BEGIN Exercise data

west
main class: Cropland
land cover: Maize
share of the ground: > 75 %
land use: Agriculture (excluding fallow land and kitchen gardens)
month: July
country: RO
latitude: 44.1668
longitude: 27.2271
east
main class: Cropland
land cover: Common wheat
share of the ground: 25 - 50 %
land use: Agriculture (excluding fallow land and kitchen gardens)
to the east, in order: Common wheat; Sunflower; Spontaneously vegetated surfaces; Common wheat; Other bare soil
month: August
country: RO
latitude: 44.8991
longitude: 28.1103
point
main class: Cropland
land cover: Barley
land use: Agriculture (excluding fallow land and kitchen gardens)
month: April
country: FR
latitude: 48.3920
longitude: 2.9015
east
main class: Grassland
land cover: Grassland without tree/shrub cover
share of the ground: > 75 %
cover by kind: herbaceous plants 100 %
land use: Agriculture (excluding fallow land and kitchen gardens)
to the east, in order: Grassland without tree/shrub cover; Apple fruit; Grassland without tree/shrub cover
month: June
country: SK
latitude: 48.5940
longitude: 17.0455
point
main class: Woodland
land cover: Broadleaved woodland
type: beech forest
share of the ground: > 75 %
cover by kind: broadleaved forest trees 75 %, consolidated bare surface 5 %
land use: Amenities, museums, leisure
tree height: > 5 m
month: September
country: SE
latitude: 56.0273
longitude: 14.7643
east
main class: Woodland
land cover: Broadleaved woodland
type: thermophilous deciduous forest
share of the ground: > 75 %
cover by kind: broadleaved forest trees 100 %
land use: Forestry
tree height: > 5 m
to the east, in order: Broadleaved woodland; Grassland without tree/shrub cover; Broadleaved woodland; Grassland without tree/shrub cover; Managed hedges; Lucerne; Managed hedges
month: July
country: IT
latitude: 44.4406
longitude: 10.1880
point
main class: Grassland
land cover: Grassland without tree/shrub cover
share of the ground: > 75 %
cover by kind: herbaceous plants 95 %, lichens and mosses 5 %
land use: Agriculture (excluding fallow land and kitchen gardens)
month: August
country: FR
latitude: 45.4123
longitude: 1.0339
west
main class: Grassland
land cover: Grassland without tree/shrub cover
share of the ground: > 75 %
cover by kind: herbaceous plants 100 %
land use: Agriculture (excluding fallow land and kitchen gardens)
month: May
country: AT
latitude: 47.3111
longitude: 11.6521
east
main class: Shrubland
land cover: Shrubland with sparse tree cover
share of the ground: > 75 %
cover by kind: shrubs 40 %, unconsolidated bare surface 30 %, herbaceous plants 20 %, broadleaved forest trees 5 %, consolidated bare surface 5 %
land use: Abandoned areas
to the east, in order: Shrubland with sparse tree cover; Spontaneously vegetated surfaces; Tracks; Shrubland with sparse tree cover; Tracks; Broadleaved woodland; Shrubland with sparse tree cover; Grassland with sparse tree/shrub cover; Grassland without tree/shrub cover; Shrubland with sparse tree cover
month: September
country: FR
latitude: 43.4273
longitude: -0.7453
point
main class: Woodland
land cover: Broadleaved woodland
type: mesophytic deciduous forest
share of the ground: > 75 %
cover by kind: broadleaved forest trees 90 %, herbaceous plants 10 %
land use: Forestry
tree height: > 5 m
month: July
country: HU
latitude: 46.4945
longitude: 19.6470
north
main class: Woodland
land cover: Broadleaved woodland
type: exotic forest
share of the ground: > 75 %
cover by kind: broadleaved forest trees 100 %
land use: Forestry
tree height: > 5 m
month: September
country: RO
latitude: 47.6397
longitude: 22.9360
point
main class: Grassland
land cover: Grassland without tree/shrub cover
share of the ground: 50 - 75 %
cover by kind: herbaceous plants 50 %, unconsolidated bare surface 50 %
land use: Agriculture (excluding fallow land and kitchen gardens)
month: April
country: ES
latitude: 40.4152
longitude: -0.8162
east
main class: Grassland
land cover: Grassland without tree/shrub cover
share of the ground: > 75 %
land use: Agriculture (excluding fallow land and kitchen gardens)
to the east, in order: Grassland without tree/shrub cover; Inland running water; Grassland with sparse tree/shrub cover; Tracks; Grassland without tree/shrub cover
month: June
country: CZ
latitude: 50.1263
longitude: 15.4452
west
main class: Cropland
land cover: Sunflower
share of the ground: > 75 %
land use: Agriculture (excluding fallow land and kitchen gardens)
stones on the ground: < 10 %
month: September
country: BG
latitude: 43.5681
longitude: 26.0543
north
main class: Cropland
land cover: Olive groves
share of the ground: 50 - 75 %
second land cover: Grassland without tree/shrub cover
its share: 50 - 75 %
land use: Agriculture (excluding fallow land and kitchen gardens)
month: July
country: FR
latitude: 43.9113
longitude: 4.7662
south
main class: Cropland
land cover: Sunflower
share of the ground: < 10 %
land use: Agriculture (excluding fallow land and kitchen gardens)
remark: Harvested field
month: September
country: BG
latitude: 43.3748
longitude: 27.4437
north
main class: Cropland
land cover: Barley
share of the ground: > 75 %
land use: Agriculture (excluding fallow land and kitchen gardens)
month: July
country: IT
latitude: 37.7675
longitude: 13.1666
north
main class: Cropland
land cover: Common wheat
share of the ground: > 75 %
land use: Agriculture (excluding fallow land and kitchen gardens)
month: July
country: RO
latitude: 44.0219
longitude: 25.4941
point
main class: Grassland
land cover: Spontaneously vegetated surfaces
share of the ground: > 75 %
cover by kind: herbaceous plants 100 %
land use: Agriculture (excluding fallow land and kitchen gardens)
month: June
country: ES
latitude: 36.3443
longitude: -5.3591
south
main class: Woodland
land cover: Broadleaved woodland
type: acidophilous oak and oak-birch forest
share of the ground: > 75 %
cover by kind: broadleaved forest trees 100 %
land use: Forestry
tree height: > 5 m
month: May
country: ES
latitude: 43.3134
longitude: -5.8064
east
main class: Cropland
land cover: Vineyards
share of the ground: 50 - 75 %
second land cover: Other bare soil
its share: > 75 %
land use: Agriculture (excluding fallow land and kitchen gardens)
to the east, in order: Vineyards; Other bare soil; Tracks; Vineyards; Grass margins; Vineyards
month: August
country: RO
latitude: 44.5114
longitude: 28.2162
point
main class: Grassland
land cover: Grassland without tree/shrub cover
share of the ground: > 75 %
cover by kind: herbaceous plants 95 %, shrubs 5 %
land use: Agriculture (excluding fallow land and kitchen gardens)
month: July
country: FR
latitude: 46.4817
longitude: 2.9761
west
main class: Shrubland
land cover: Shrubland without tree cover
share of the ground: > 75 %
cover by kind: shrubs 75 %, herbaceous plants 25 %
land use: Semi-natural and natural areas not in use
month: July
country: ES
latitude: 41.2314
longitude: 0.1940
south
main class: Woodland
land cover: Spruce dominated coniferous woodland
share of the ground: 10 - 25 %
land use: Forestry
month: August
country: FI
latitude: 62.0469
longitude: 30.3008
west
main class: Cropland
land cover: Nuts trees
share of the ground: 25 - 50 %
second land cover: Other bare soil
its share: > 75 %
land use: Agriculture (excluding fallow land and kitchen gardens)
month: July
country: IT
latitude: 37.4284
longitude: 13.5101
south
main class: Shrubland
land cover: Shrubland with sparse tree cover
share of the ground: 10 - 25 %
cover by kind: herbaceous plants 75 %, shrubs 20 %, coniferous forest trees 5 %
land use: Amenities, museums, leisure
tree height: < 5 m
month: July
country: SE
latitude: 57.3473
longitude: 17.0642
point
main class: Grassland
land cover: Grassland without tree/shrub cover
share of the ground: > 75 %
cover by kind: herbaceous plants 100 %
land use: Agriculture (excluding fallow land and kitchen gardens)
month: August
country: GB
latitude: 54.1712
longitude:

END Exercise data

Problem description — Each record must be output exactly, with none omitted.

Exercise response —
west
main class: Cropland
land cover: Maize
share of the ground: > 75 %
land use: Agriculture (excluding fallow land and kitchen gardens)
month: July
country: RO
latitude: 44.1668
longitude: 27.2271
east
main class: Cropland
land cover: Common wheat
share of the ground: 25 - 50 %
land use: Agriculture (excluding fallow land and kitchen gardens)
to the east, in order: Common wheat; Sunflower; Spontaneously vegetated surfaces; Common wheat; Other bare soil
month: August
country: RO
latitude: 44.8991
longitude: 28.1103
point
main class: Cropland
land cover: Barley
land use: Agriculture (excluding fallow land and kitchen gardens)
month: April
country: FR
latitude: 48.3920
longitude: 2.9015
east
main class: Grassland
land cover: Grassland without tree/shrub cover
share of the ground: > 75 %
cover by kind: herbaceous plants 100 %
land use: Agriculture (excluding fallow land and kitchen gardens)
to the east, in order: Grassland without tree/shrub cover; Apple fruit; Grassland without tree/shrub cover
month: June
country: SK
latitude: 48.5940
longitude: 17.0455
point
main class: Woodland
land cover: Broadleaved woodland
type: beech forest
share of the ground: > 75 %
cover by kind: broadleaved forest trees 75 %, consolidated bare surface 5 %
land use: Amenities, museums, leisure
tree height: > 5 m
month: September
country: SE
latitude: 56.0273
longitude: 14.7643
east
main class: Woodland
land cover: Broadleaved woodland
type: thermophilous deciduous forest
share of the ground: > 75 %
cover by kind: broadleaved forest trees 100 %
land use: Forestry
tree height: > 5 m
to the east, in order: Broadleaved woodland; Grassland without tree/shrub cover; Broadleaved woodland; Grassland without tree/shrub cover; Managed hedges; Lucerne; Managed hedges
month: July
country: IT
latitude: 44.4406
longitude: 10.1880
point
main class: Grassland
land cover: Grassland without tree/shrub cover
share of the ground: > 75 %
cover by kind: herbaceous plants 95 %, lichens and mosses 5 %
land use: Agriculture (excluding fallow land and kitchen gardens)
month: August
country: FR
latitude: 45.4123
longitude: 1.0339
west
main class: Grassland
land cover: Grassland without tree/shrub cover
share of the ground: > 75 %
cover by kind: herbaceous plants 100 %
land use: Agriculture (excluding fallow land and kitchen gardens)
month: May
country: AT
latitude: 47.3111
longitude: 11.6521
east
main class: Shrubland
land cover: Shrubland with sparse tree cover
share of the ground: > 75 %
cover by kind: shrubs 40 %, unconsolidated bare surface 30 %, herbaceous plants 20 %, broadleaved forest trees 5 %, consolidated bare surface 5 %
land use: Abandoned areas
to the east, in order: Shrubland with sparse tree cover; Spontaneously vegetated surfaces; Tracks; Shrubland with sparse tree cover; Tracks; Broadleaved woodland; Shrubland with sparse tree cover; Grassland with sparse tree/shrub cover; Grassland without tree/shrub cover; Shrubland with sparse tree cover
month: September
country: FR
latitude: 43.4273
longitude: -0.7453
point
main class: Woodland
land cover: Broadleaved woodland
type: mesophytic deciduous forest
share of the ground: > 75 %
cover by kind: broadleaved forest trees 90 %, herbaceous plants 10 %
land use: Forestry
tree height: > 5 m
month: July
country: HU
latitude: 46.4945
longitude: 19.6470
north
main class: Woodland
land cover: Broadleaved woodland
type: exotic forest
share of the ground: > 75 %
cover by kind: broadleaved forest trees 100 %
land use: Forestry
tree height: > 5 m
month: September
country: RO
latitude: 47.6397
longitude: 22.9360
point
main class: Grassland
land cover: Grassland without tree/shrub cover
share of the ground: 50 - 75 %
cover by kind: herbaceous plants 50 %, unconsolidated bare surface 50 %
land use: Agriculture (excluding fallow land and kitchen gardens)
month: April
country: ES
latitude: 40.4152
longitude: -0.8162
east
main class: Grassland
land cover: Grassland without tree/shrub cover
share of the ground: > 75 %
land use: Agriculture (excluding fallow land and kitchen gardens)
to the east, in order: Grassland without tree/shrub cover; Inland running water; Grassland with sparse tree/shrub cover; Tracks; Grassland without tree/shrub cover
month: June
country: CZ
latitude: 50.1263
longitude: 15.4452
west
main class: Cropland
land cover: Sunflower
share of the ground: > 75 %
land use: Agriculture (excluding fallow land and kitchen gardens)
stones on the ground: < 10 %
month: September
country: BG
latitude: 43.5681
longitude: 26.0543
north
main class: Cropland
land cover: Olive groves
share of the ground: 50 - 75 %
second land cover: Grassland without tree/shrub cover
its share: 50 - 75 %
land use: Agriculture (excluding fallow land and kitchen gardens)
month: July
country: FR
latitude: 43.9113
longitude: 4.7662
south
main class: Cropland
land cover: Sunflower
share of the ground: < 10 %
land use: Agriculture (excluding fallow land and kitchen gardens)
remark: Harvested field
month: September
country: BG
latitude: 43.3748
longitude: 27.4437
north
main class: Cropland
land cover: Barley
share of the ground: > 75 %
land use: Agriculture (excluding fallow land and kitchen gardens)
month: July
country: IT
latitude: 37.7675
longitude: 13.1666
north
main class: Cropland
land cover: Common wheat
share of the ground: > 75 %
land use: Agriculture (excluding fallow land and kitchen gardens)
month: July
country: RO
latitude: 44.0219
longitude: 25.4941
point
main class: Grassland
land cover: Spontaneously vegetated surfaces
share of the ground: > 75 %
cover by kind: herbaceous plants 100 %
land use: Agriculture (excluding fallow land and kitchen gardens)
month: June
country: ES
latitude: 36.3443
longitude: -5.3591
south
main class: Woodland
land cover: Broadleaved woodland
type: acidophilous oak and oak-birch forest
share of the ground: > 75 %
cover by kind: broadleaved forest trees 100 %
land use: Forestry
tree height: > 5 m
month: May
country: ES
latitude: 43.3134
longitude: -5.8064
east
main class: Cropland
land cover: Vineyards
share of the ground: 50 - 75 %
second land cover: Other bare soil
its share: > 75 %
land use: Agriculture (excluding fallow land and kitchen gardens)
to the east, in order: Vineyards; Other bare soil; Tracks; Vineyards; Grass margins; Vineyards
month: August
country: RO
latitude: 44.5114
longitude: 28.2162
point
main class: Grassland
land cover: Grassland without tree/shrub cover
share of the ground: > 75 %
cover by kind: herbaceous plants 95 %, shrubs 5 %
land use: Agriculture (excluding fallow land and kitchen gardens)
month: July
country: FR
latitude: 46.4817
longitude: 2.9761
west
main class: Shrubland
land cover: Shrubland without tree cover
share of the ground: > 75 %
cover by kind: shrubs 75 %, herbaceous plants 25 %
land use: Semi-natural and natural areas not in use
month: July
country: ES
latitude: 41.2314
longitude: 0.1940
south
main class: Woodland
land cover: Spruce dominated coniferous woodland
share of the ground: 10 - 25 %
land use: Forestry
month: August
country: FI
latitude: 62.0469
longitude: 30.3008
west
main class: Cropland
land cover: Nuts trees
share of the ground: 25 - 50 %
second land cover: Other bare soil
its share: > 75 %
land use: Agriculture (excluding fallow land and kitchen gardens)
month: July
country: IT
latitude: 37.4284
longitude: 13.5101
south
main class: Shrubland
land cover: Shrubland with sparse tree cover
share of the ground: 10 - 25 %
cover by kind: herbaceous plants 75 %, shrubs 20 %, coniferous forest trees 5 %
land use: Amenities, museums, leisure
tree height: < 5 m
month: July
country: SE
latitude: 57.3473
longitude: 17.0642
point
main class: Grassland
land cover: Grassland without tree/shrub cover
share of the ground: > 75 %
cover by kind: herbaceous plants 100 %
land use: Agriculture (excluding fallow land and kitchen gardens)
month: August
country: GB
latitude: 54.1712
longitude:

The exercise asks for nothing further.